With a Little Help From A.I. Friend

Over the past several weeks my placement has gained momentum and gone through several stages. Once we had the datasets we needed it, was time to build and train a model to best identify varying types of tree mortality.

Mucho Mortality Dataset

The leaders at Salo created early-stage mortality datasets for large areas of California using LiDAR tree hight in conjuncture with high resolution NAIP and Rapideye spectral data. We decided our next step would be to improve the irregularities and inconsistencies in these datasets and get one, really beautiful, dataset to describe forest mortality in Sierra National Forest. Firstly, I worked to assess the agreement between the NAIP and Rapideye datasets. I found that the NAIP data had higher success in identifying mortality within forested areas on the scale of individual tree crowns, but struggled to identify larger areas of dead trees from old fires or beetle outbreaks. Fortunately, the Rapideye dataset was more successful in these areas (Photos below).

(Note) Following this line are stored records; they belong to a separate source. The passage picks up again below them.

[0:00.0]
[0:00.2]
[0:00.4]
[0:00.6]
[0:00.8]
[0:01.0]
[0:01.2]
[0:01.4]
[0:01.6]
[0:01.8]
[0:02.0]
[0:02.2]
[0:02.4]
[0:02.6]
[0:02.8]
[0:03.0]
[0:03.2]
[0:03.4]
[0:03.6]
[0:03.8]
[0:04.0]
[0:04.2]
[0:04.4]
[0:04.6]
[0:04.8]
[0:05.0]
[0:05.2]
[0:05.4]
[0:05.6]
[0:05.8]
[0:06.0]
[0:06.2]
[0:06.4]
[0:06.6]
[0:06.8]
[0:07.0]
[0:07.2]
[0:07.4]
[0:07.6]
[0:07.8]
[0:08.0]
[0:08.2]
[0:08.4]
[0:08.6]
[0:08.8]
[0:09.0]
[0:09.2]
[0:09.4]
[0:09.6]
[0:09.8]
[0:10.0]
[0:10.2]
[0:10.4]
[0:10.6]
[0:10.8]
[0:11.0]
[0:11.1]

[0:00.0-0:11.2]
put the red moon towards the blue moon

Mortality dataset comparison: Tan = both live, blue = NAIP dead RE live, green = RE dead NAIP live, red = both dead

NAIP True color image of above mortality agreement comparison .

Model Selection

Once we had a pretty good mortality dataset that we felt described dead trees with high confidence, we took it a step further and masked out the ground (yeah, the ground) using California LiDAR data. This gave us a treecover map for California which was used to define the sampling boundaries for our model. The model I tested as a part of my contribution to the larger project was developed by Dr. Phil Brodrick. The EcoCNN model applies a convoluted nerual network (CNN) machine learning approach to ecological applications. CNNs are particularly useful when identifying biophysical characteristics with unique spatial orientations. The basic idea behind a CNN is: parse through a feature dataset (spectral bands) with corresponding response dataset (binary dead/live tree) and record the feature signals at the response sites. Then, basically scramble these signals with various filters (convoluting them) and identify any patters that arise before then un-mixing them, continuing to look for patterns. This scrambling/filter application is done based on hierarchal patterns in data architecture and was inspired by the way our neurons interpret the stuff we see!

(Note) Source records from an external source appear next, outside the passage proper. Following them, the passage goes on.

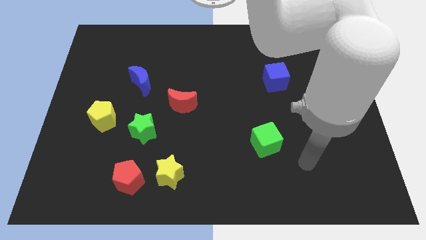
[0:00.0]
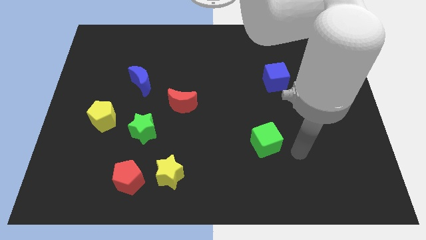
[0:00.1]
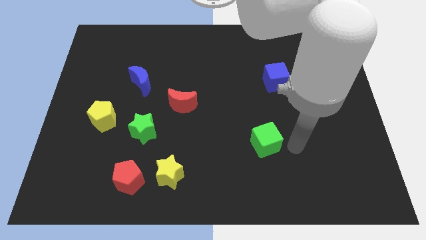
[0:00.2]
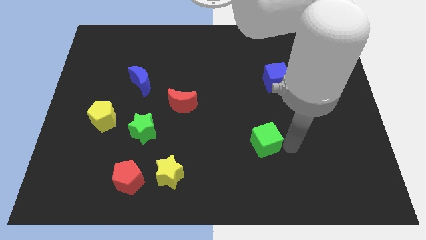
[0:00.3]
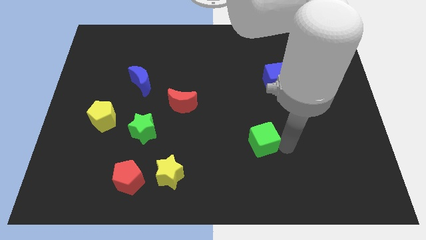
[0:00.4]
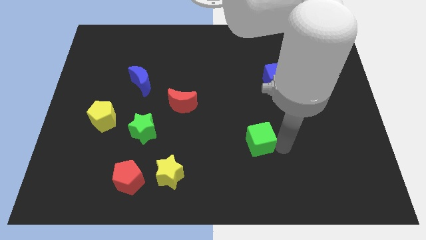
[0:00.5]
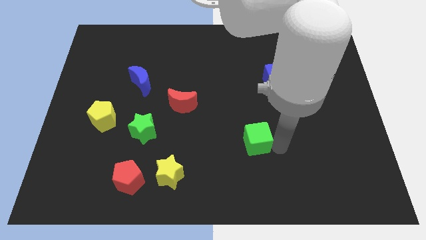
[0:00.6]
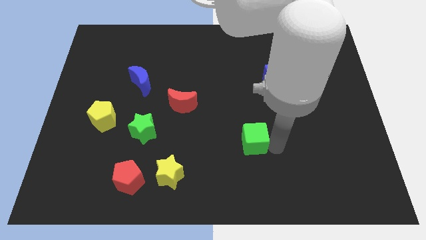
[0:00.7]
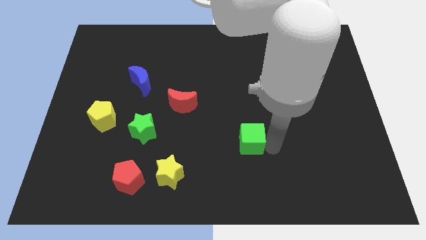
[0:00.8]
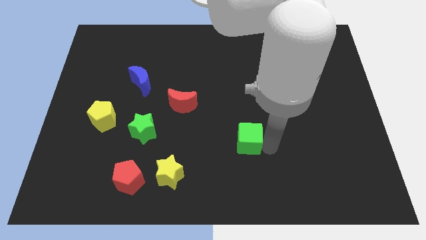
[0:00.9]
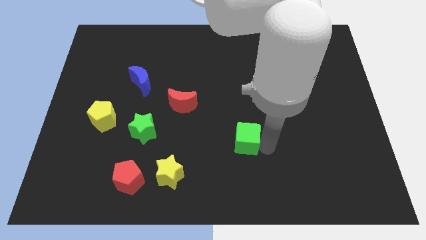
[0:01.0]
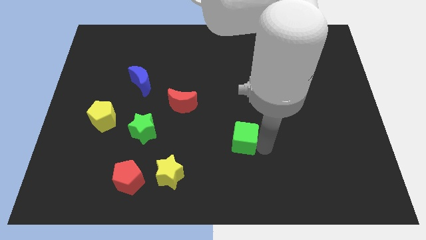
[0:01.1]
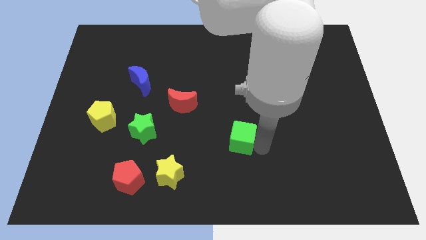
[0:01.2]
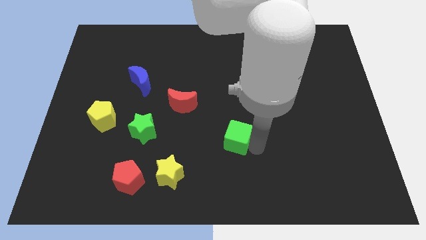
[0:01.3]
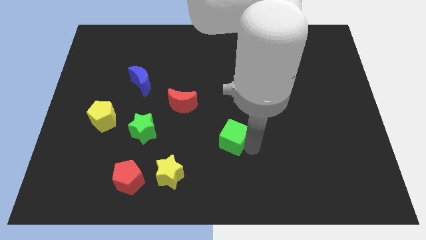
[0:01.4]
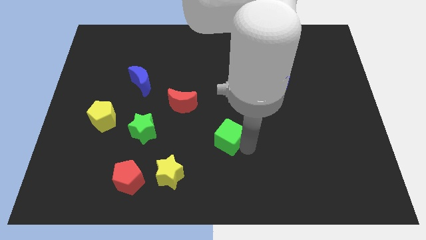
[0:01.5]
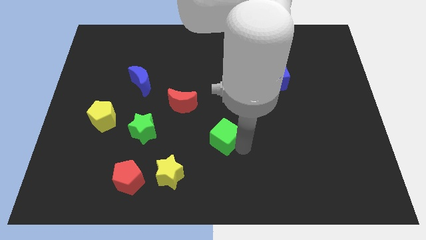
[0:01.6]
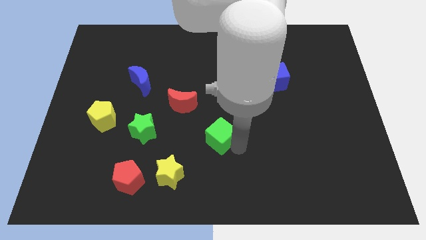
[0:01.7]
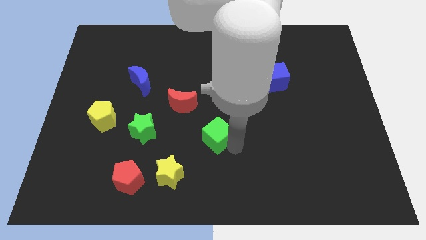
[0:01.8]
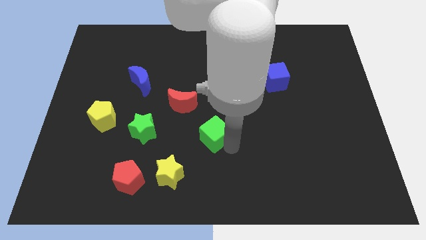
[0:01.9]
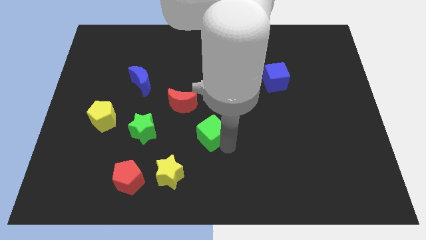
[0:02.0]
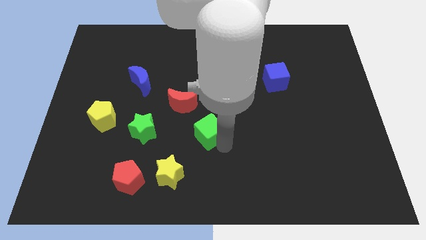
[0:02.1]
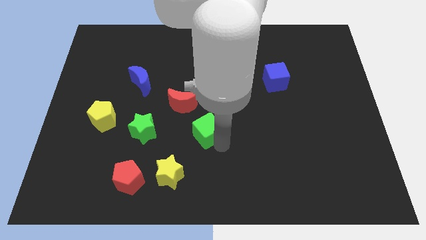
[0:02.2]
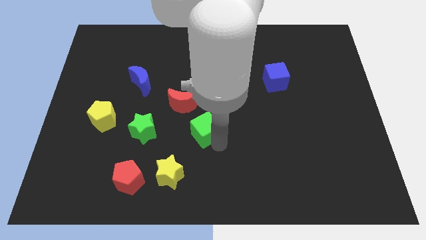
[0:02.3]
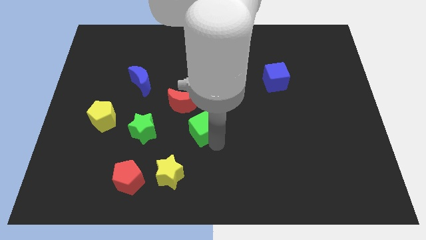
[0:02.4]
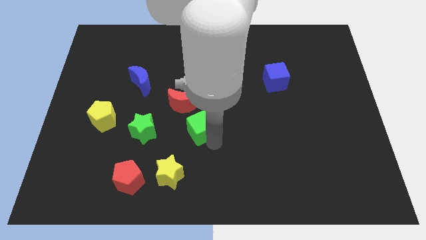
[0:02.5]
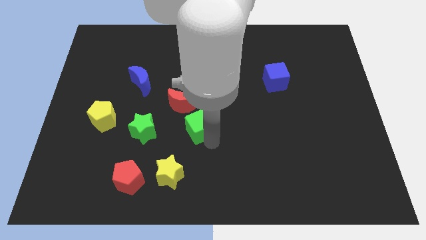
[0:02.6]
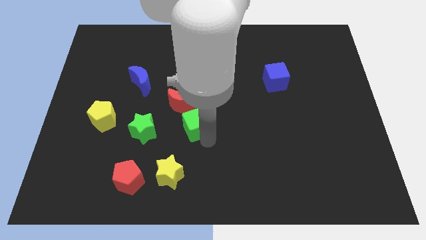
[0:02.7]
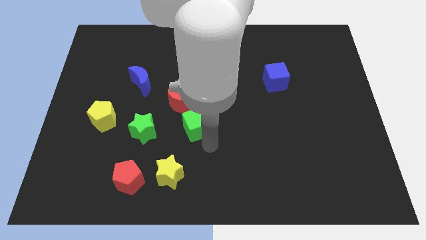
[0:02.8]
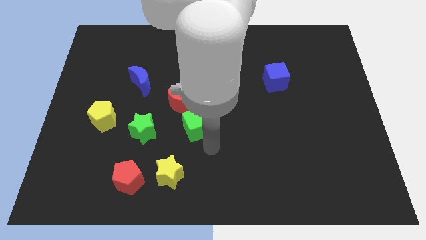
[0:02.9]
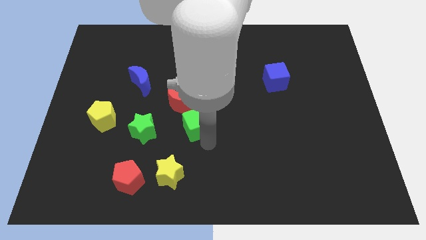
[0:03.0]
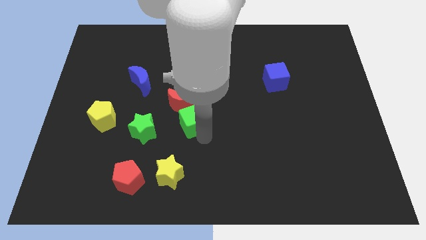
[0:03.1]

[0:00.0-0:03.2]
push the green cube to the red moon

Overall, the CNN constructed models did pretty well. With relatively little input and parameter tuning, we were able to improve consistency in the mortality datasets. Initial applications of the model significantly under-predicted mortality, but this was improved after applying the treecover sampling boundaries to the feature datasets and increasing the sampling size when training the model.

EcoCNN output example where the entire extent is labeled with the confidence each pixel is a dead tree. Darker reddish colors indicate higher likelihood of dead tree pixels.

So, now what..?

Great question. During this last few weeks I’m hoping to scale these improved mortality datasets up to Sentinel-2 and Landsat-8 resolutions. Once this happens, we’ll be able to assess and compare different spectral patterns associated with conditions of tree physiology and do so throughout various stages of mortality. Meaning lots of cool data visualization (pretty pictures and graphs).